-- PROBLEM --
Count the lines in the records below that contain the word "name", and give only that number.

Records drawn from a dataset
++++++++

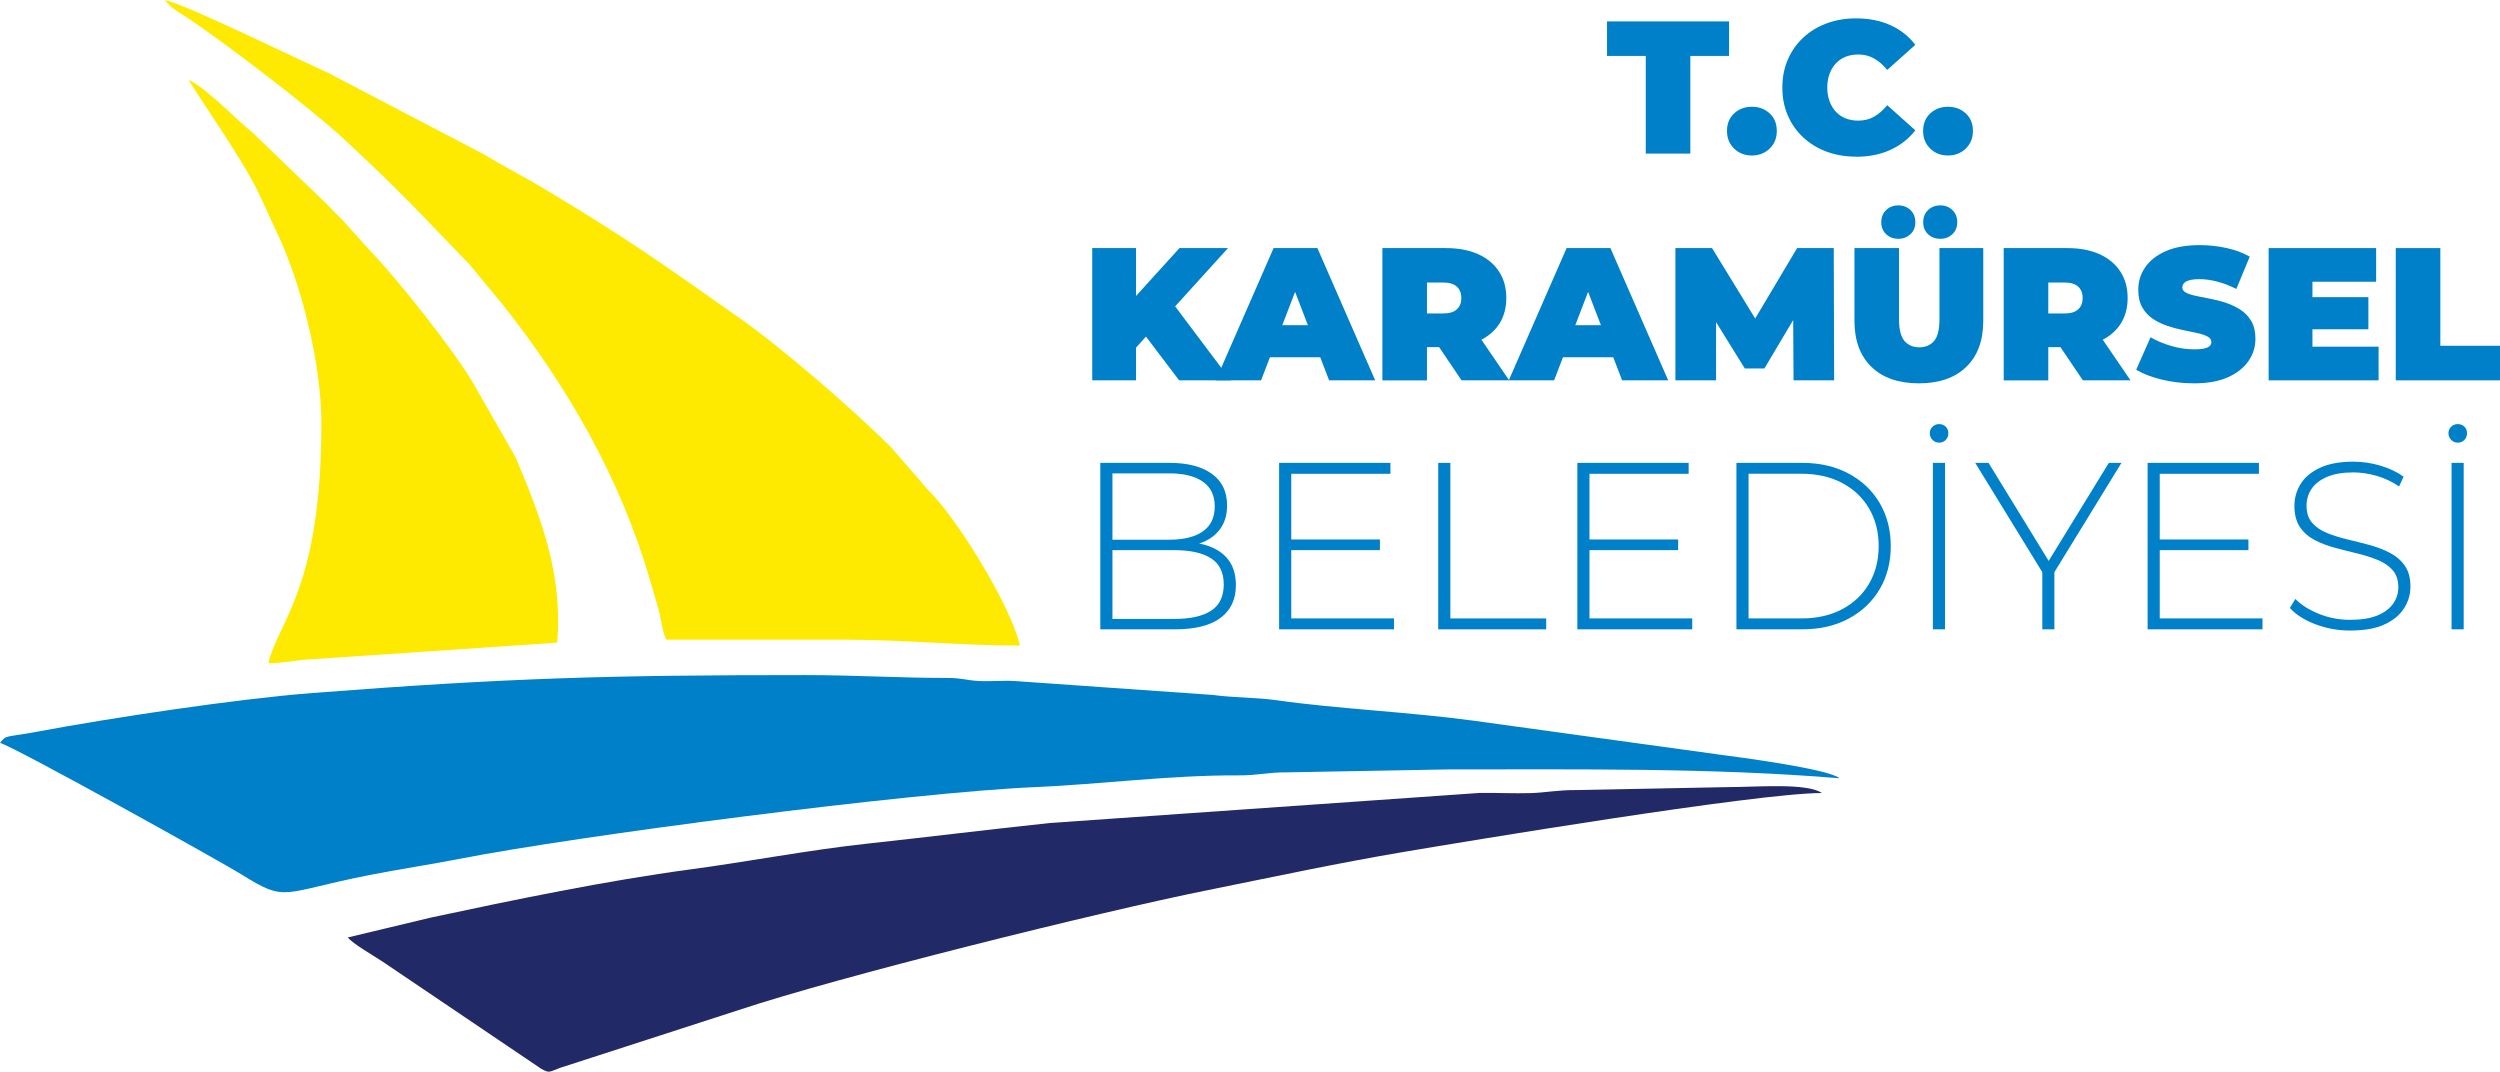 <?xml version="1.0" encoding="UTF-8"?>
<svg id="katman_2" data-name="katman 2" xmlns="http://www.w3.org/2000/svg" viewBox="0 0 517.04 221.63">
  <defs>
    <style>
      .cls-1, .cls-2 {
        fill: #0080c9;
      }

      .cls-1, .cls-2, .cls-3, .cls-4 {
        stroke-width: 0px;
      }

      .cls-1, .cls-3, .cls-4 {
        fill-rule: evenodd;
      }

      .cls-3 {
        fill: #fdea00;
      }

      .cls-4 {
        fill: #212967;
      }
    </style>
  </defs>
  <g id="katman_1" data-name="katman 1">
    <g>
      <path class="cls-1" d="m0,153.64c2.99.8,45.89,24.66,50.12,27.31,9.19,5.77,8.08,3.63,26.04.07,6.2-1.23,13.02-2.25,19.11-3.44,23.74-4.65,92.77-13.67,118.74-14.79,13.72-.59,27.81-2.49,42.08-2.43,4.25.02,5.92-.66,10.34-.63l32.93-.6c26.88,0,54.93-.35,81.09,1.83-2.29-1.99-21.76-4.48-24.42-4.84l-51.44-7.09c-12.55-1.72-28.6-2.49-40.33-4.18-4.62-.66-8.84-.51-13.5-1.13l-41.01-2.88c-2.37-.13-4.96.13-7.32,0-2.76-.15-3.33-.63-6.68-.63-10.25-.01-18.74-.59-29.29-.59-40.21,0-61.07.56-101.77,3.7-15.69,1.21-41.42,5.09-57.19,8.04-6.17,1.16-6.21.55-7.48,2.28"/>
      <path class="cls-3" d="m137.79,132.3c12.4,0,24.79,0,37.19,0,12.12,0,24.01,1.22,35.97,1.22-1.87-8.03-11.89-24.31-17.54-30.63-.98-1.1-1.34-1.29-2.32-2.55l-6.8-7.83c-7.92-7.89-22.49-20.51-31.25-26.67-16.89-11.86-22.83-16.21-40.73-26.94-4.22-2.53-8.23-4.54-12.43-7.08l-32.02-16.75C61.69,12.3,38.77,1.08,34.14,0c1.05,1.56,2.29,2.16,4.03,3.29,7.42,4.85,26.06,19.05,33.01,25.52,11.95,11.11,14.92,14.5,25.93,25.9l6.63,8.01c13.62,17.06,24.71,36.45,30.8,57.61.6,2.09,1.09,3.58,1.65,5.67.62,2.33.74,4.48,1.61,6.31"/>
      <path class="cls-4" d="m71.94,193.88c.92,1.25,5.47,3.85,7.19,5l32.77,22.14c1.82,1.05,1.69.62,3.99-.19l36.9-11.94c20.46-6.83,74.48-20.27,97.12-24.82,13.41-2.7,26.74-5.58,40.83-7.95,11.51-1.94,72.5-12.11,86.05-12.11-3.09-2.15-13.66-1.22-19.51-1.22l-31.1.61c-4.23-.02-6.33.53-9.73.63-3.41.1-6.98-.09-10.41-.04l-88.89,6.22c-12.53,1.33-25.1,2.89-37.8,4.27-12.22,1.33-24.82,3.76-36.72,5.35-17.04,2.28-36.34,6.27-53.47,9.93l-17.22,4.12Z"/>
      <path class="cls-3" d="m66.46,87.8c0,33.93-8.97,40.8-10.97,49.38,2.24,0,4.6-.42,7.21-.72l52.54-3.55c1.17-14.12-3.23-25.62-8.61-38.33l-8.87-15.52c-4.09-6.88-15.45-21.23-21.09-27.07l-5.78-6.41c-1.17-1.16-1.89-1.84-3.01-3.08l-15.52-14.96c-3.46-2.77-9.13-8.85-13.32-11.07.27,1.02,10.46,15.44,14.02,22.56,1.46,2.93,2.55,5.58,4.06,8.74,5.18,10.78,9.35,27.26,9.35,40.04"/>
    </g>
    <g>
      <g>
        <path class="cls-2" d="m340.37,31.77V11.57h-8.01v-7.15h25.24v7.15h-8.01v20.2h-9.22Z"/>
        <path class="cls-2" d="m362.32,32.16c-1.46,0-2.68-.47-3.67-1.43-.99-.95-1.48-2.17-1.48-3.65s.49-2.72,1.48-3.63c.99-.91,2.21-1.37,3.67-1.37s2.68.46,3.67,1.37c.99.91,1.48,2.12,1.48,3.63s-.5,2.7-1.48,3.65c-.99.95-2.21,1.43-3.67,1.43Z"/>
        <path class="cls-2" d="m383.85,32.4c-2.19,0-4.21-.35-6.08-1.04-1.86-.69-3.48-1.67-4.84-2.95-1.37-1.28-2.43-2.79-3.18-4.53-.76-1.74-1.13-3.67-1.13-5.78s.38-4.04,1.13-5.78c.76-1.74,1.82-3.26,3.18-4.53,1.37-1.28,2.98-2.26,4.84-2.95,1.86-.69,3.89-1.04,6.08-1.04,2.68,0,5.06.47,7.13,1.41s3.78,2.29,5.14,4.06l-5.82,5.2c-.81-1.02-1.7-1.8-2.68-2.36-.98-.56-2.08-.84-3.3-.84-.96,0-1.84.16-2.62.47-.78.31-1.45.77-2.01,1.37-.56.6-1,1.32-1.31,2.17s-.47,1.79-.47,2.83.16,1.99.47,2.83.75,1.57,1.31,2.17c.56.6,1.23,1.05,2.01,1.37.78.31,1.65.47,2.62.47,1.22,0,2.32-.28,3.3-.84.98-.56,1.87-1.35,2.68-2.36l5.82,5.2c-1.35,1.74-3.07,3.09-5.14,4.04s-4.45,1.43-7.13,1.43Z"/>
        <path class="cls-2" d="m402.88,32.16c-1.46,0-2.68-.47-3.67-1.43-.99-.95-1.48-2.17-1.48-3.65s.49-2.72,1.48-3.63c.99-.91,2.21-1.37,3.67-1.37s2.68.46,3.67,1.37c.99.91,1.48,2.12,1.48,3.63s-.5,2.7-1.48,3.65c-.99.95-2.21,1.43-3.67,1.43Z"/>
        <path class="cls-2" d="m225.89,78.66v-27.35h9.06v27.35h-9.06Zm8.24-5.86l-.51-10.12,10.31-11.37h10.04l-11.56,12.74-5.12,5.24-3.16,3.52Zm9.73,5.86l-8.05-10.63,5.98-6.33,12.74,16.96h-10.67Z"/>
        <path class="cls-2" d="m251.44,78.66l11.96-27.35h9.06l11.95,27.35h-9.53l-8.83-22.97h3.59l-8.83,22.97h-9.38Zm7.11-4.77l2.34-6.64h12.58l2.34,6.64h-17.27Z"/>
        <path class="cls-2" d="m285.9,78.66v-27.35h13.17c2.55,0,4.76.42,6.62,1.25,1.86.83,3.3,2.03,4.32,3.58,1.02,1.55,1.52,3.38,1.52,5.49s-.51,3.93-1.52,5.45c-1.02,1.52-2.45,2.69-4.32,3.5s-4.07,1.21-6.62,1.21h-8.05l4.1-3.79v10.67h-9.22Zm9.22-9.65l-4.1-4.18h7.46c1.28,0,2.22-.29,2.83-.86.61-.57.92-1.35.92-2.34s-.31-1.77-.92-2.34c-.61-.57-1.56-.86-2.83-.86h-7.46l4.1-4.18v14.77Zm7.15,9.65l-6.72-9.96h9.77l6.8,9.96h-9.85Z"/>
        <path class="cls-2" d="m312.04,78.66l11.96-27.35h9.06l11.95,27.35h-9.53l-8.83-22.97h3.59l-8.83,22.97h-9.38Zm7.11-4.77l2.34-6.64h12.58l2.34,6.64h-17.27Z"/>
        <path class="cls-2" d="m346.5,78.66v-27.35h7.58l10.94,17.86h-3.98l10.63-17.86h7.58l.08,27.35h-8.4l-.08-14.69h1.33l-7.27,12.23h-4.06l-7.58-12.23h1.64v14.69h-8.4Z"/>
        <path class="cls-2" d="m396.86,79.28c-4.19,0-7.46-1.13-9.81-3.4-2.34-2.27-3.52-5.44-3.52-9.53v-15.04h9.22v14.77c0,2.08.38,3.56,1.13,4.44.76.87,1.77,1.31,3.05,1.31s2.33-.44,3.07-1.31c.74-.87,1.11-2.35,1.11-4.44v-14.77h9.06v15.04c0,4.09-1.17,7.27-3.52,9.53-2.34,2.27-5.61,3.4-9.81,3.4Zm-4.26-29.89c-.99,0-1.82-.31-2.5-.94-.68-.63-1.02-1.46-1.02-2.5s.34-1.88,1.02-2.52,1.51-.96,2.5-.96,1.82.32,2.5.96,1.02,1.48,1.02,2.52-.34,1.87-1.02,2.5c-.68.62-1.51.94-2.5.94Zm8.67,0c-.99,0-1.82-.31-2.5-.94-.68-.63-1.02-1.46-1.02-2.5s.34-1.88,1.02-2.52,1.51-.96,2.5-.96,1.82.32,2.5.96,1.02,1.48,1.02,2.52-.34,1.87-1.02,2.5c-.68.62-1.51.94-2.5.94Z"/>
        <path class="cls-2" d="m414.4,78.66v-27.35h13.17c2.55,0,4.76.42,6.62,1.25,1.86.83,3.3,2.03,4.32,3.58,1.02,1.55,1.52,3.38,1.52,5.49s-.51,3.93-1.52,5.45c-1.02,1.52-2.45,2.69-4.32,3.5s-4.07,1.21-6.62,1.21h-8.05l4.1-3.79v10.67h-9.22Zm9.22-9.65l-4.1-4.18h7.46c1.28,0,2.22-.29,2.83-.86.61-.57.92-1.35.92-2.34s-.31-1.77-.92-2.34c-.61-.57-1.56-.86-2.83-.86h-7.46l4.1-4.18v14.77Zm7.15,9.65l-6.72-9.96h9.77l6.8,9.96h-9.85Z"/>
        <path class="cls-2" d="m453.71,79.28c-2.29,0-4.51-.26-6.64-.78-2.14-.52-3.89-1.2-5.27-2.03l2.97-6.72c1.3.76,2.75,1.36,4.36,1.82,1.6.46,3.16.68,4.67.68.89,0,1.58-.06,2.09-.18.51-.12.88-.29,1.11-.51.23-.22.35-.49.35-.8,0-.49-.27-.89-.82-1.17-.55-.29-1.27-.53-2.17-.72-.9-.19-1.88-.4-2.95-.62s-2.14-.51-3.22-.88-2.07-.85-2.97-1.45-1.62-1.39-2.17-2.36c-.55-.98-.82-2.19-.82-3.65,0-1.69.47-3.24,1.43-4.63.95-1.39,2.37-2.51,4.26-3.34,1.89-.83,4.24-1.25,7.05-1.25,1.85,0,3.67.2,5.47.59s3.41.99,4.84,1.8l-2.77,6.68c-1.35-.68-2.66-1.19-3.93-1.52s-2.49-.51-3.69-.51c-.89,0-1.59.08-2.11.23-.52.16-.89.36-1.11.62-.22.26-.33.55-.33.86,0,.47.27.84.82,1.11s1.27.5,2.17.68,1.89.38,2.97.59c1.08.21,2.16.49,3.22.86s2.05.85,2.95,1.45,1.62,1.38,2.17,2.34c.55.96.82,2.16.82,3.59,0,1.67-.47,3.2-1.43,4.59s-2.36,2.51-4.24,3.36-4.23,1.27-7.07,1.27Z"/>
        <path class="cls-2" d="m478.25,71.7h13.68v6.96h-22.74v-27.35h22.23v6.96h-13.17v13.44Zm-.62-10.24h12.19v6.64h-12.19v-6.64Z"/>
        <path class="cls-2" d="m495.48,78.66v-27.35h9.22v20.2h12.35v7.15h-21.57Z"/>
      </g>
      <g>
        <path class="cls-2" d="m227.56,130.16v-34.43h14.36c3.71,0,6.61.76,8.71,2.26,2.1,1.51,3.15,3.69,3.15,6.54,0,1.87-.44,3.44-1.33,4.72-.89,1.28-2.11,2.24-3.66,2.88s-3.3.96-5.24.96l.89-.98c2.36,0,4.38.34,6.05,1.03,1.67.69,2.94,1.69,3.81,3,.87,1.31,1.3,2.95,1.3,4.92,0,2.89-1.05,5.12-3.15,6.71-2.1,1.59-5.28,2.39-9.54,2.39h-15.35Zm2.51-2.16h12.84c3.31,0,5.84-.56,7.57-1.7,1.74-1.13,2.61-2.94,2.61-5.43s-.87-4.26-2.61-5.39c-1.74-1.13-4.26-1.7-7.57-1.7h-13.13v-2.16h12.05c2.98,0,5.29-.57,6.94-1.72,1.64-1.15,2.46-2.87,2.46-5.16s-.82-3.97-2.46-5.12c-1.64-1.15-3.95-1.72-6.94-1.72h-11.76v30.1Z"/>
        <path class="cls-2" d="m267.05,127.9h21.25v2.26h-23.76v-34.43h23.02v2.26h-20.51v29.9Zm-.3-16.33h18.64v2.21h-18.64v-2.21Z"/>
        <path class="cls-2" d="m297.45,130.16v-34.43h2.51v32.17h19.82v2.26h-22.33Z"/>
        <path class="cls-2" d="m328.73,127.9h21.25v2.26h-23.76v-34.43h23.02v2.26h-20.51v29.9Zm-.3-16.33h18.64v2.21h-18.64v-2.21Z"/>
        <path class="cls-2" d="m359.12,130.16v-34.43h13.62c3.64,0,6.84.74,9.59,2.21,2.75,1.48,4.9,3.51,6.42,6.1,1.52,2.59,2.29,5.56,2.29,8.9s-.76,6.31-2.29,8.9c-1.52,2.59-3.66,4.62-6.42,6.1-2.75,1.48-5.95,2.21-9.59,2.21h-13.62Zm2.51-2.26h10.92c3.25,0,6.07-.64,8.46-1.92,2.39-1.28,4.25-3.04,5.56-5.29,1.31-2.25,1.97-4.83,1.97-7.75s-.66-5.5-1.97-7.75-3.16-4.01-5.56-5.29c-2.39-1.28-5.21-1.92-8.46-1.92h-10.92v29.9Z"/>
        <path class="cls-2" d="m401.03,91.55c-.53,0-.98-.19-1.35-.57s-.57-.83-.57-1.35c0-.56.19-1.02.57-1.38s.83-.54,1.35-.54c.56,0,1.02.18,1.38.54.36.36.54.82.54,1.38,0,.52-.18.98-.54,1.35-.36.38-.82.57-1.38.57Zm-1.28,38.61v-34.43h2.51v34.43h-2.51Z"/>
        <path class="cls-2" d="m422.38,130.16v-12.49l.59,1.62-14.46-23.56h2.75l13.13,21.4h-1.38l13.13-21.4h2.61l-14.46,23.56.59-1.62v12.49h-2.51Z"/>
        <path class="cls-2" d="m446.67,127.9h21.25v2.26h-23.76v-34.43h23.02v2.26h-20.51v29.9Zm-.3-16.33h18.64v2.21h-18.64v-2.21Z"/>
        <path class="cls-2" d="m486.12,130.41c-2.56,0-4.98-.43-7.25-1.3-2.28-.87-4.04-1.99-5.29-3.37l1.13-1.87c1.18,1.21,2.79,2.24,4.84,3.07,2.05.84,4.22,1.25,6.52,1.25s4.17-.3,5.63-.91c1.46-.61,2.54-1.42,3.25-2.44.71-1.02,1.06-2.15,1.06-3.39,0-1.48-.39-2.66-1.18-3.54-.79-.89-1.82-1.59-3.1-2.11-1.28-.52-2.67-.97-4.18-1.33-1.51-.36-3.03-.75-4.57-1.16-1.54-.41-2.95-.94-4.23-1.6-1.28-.66-2.3-1.55-3.07-2.68-.77-1.13-1.16-2.6-1.16-4.4,0-1.64.43-3.15,1.28-4.53.85-1.38,2.18-2.49,3.98-3.34,1.8-.85,4.11-1.28,6.94-1.28,1.9,0,3.78.28,5.63.84,1.85.56,3.43,1.31,4.75,2.26l-.93,2.02c-1.44-.98-2.99-1.71-4.65-2.19-1.66-.47-3.25-.71-4.8-.71-2.2,0-4.02.31-5.46.93-1.44.62-2.51,1.45-3.2,2.48-.69,1.03-1.03,2.19-1.03,3.47,0,1.48.38,2.66,1.15,3.54.77.89,1.8,1.59,3.08,2.11,1.28.52,2.69.97,4.23,1.33,1.54.36,3.06.75,4.57,1.16,1.51.41,2.9.94,4.18,1.6,1.28.66,2.31,1.54,3.1,2.66.79,1.12,1.18,2.56,1.18,4.33,0,1.61-.44,3.11-1.33,4.5-.89,1.39-2.24,2.51-4.06,3.34-1.82.84-4.16,1.25-7.01,1.25Z"/>
        <path class="cls-2" d="m508.3,91.55c-.53,0-.98-.19-1.35-.57s-.57-.83-.57-1.35c0-.56.19-1.02.57-1.38s.83-.54,1.35-.54c.56,0,1.02.18,1.38.54.36.36.54.82.54,1.38,0,.52-.18.98-.54,1.35-.36.38-.82.57-1.38.57Zm-1.28,38.61v-34.43h2.51v34.43h-2.51Z"/>
      </g>
    </g>
  </g>
</svg>

++++++++

-- RESULT OF THIS TASK --
2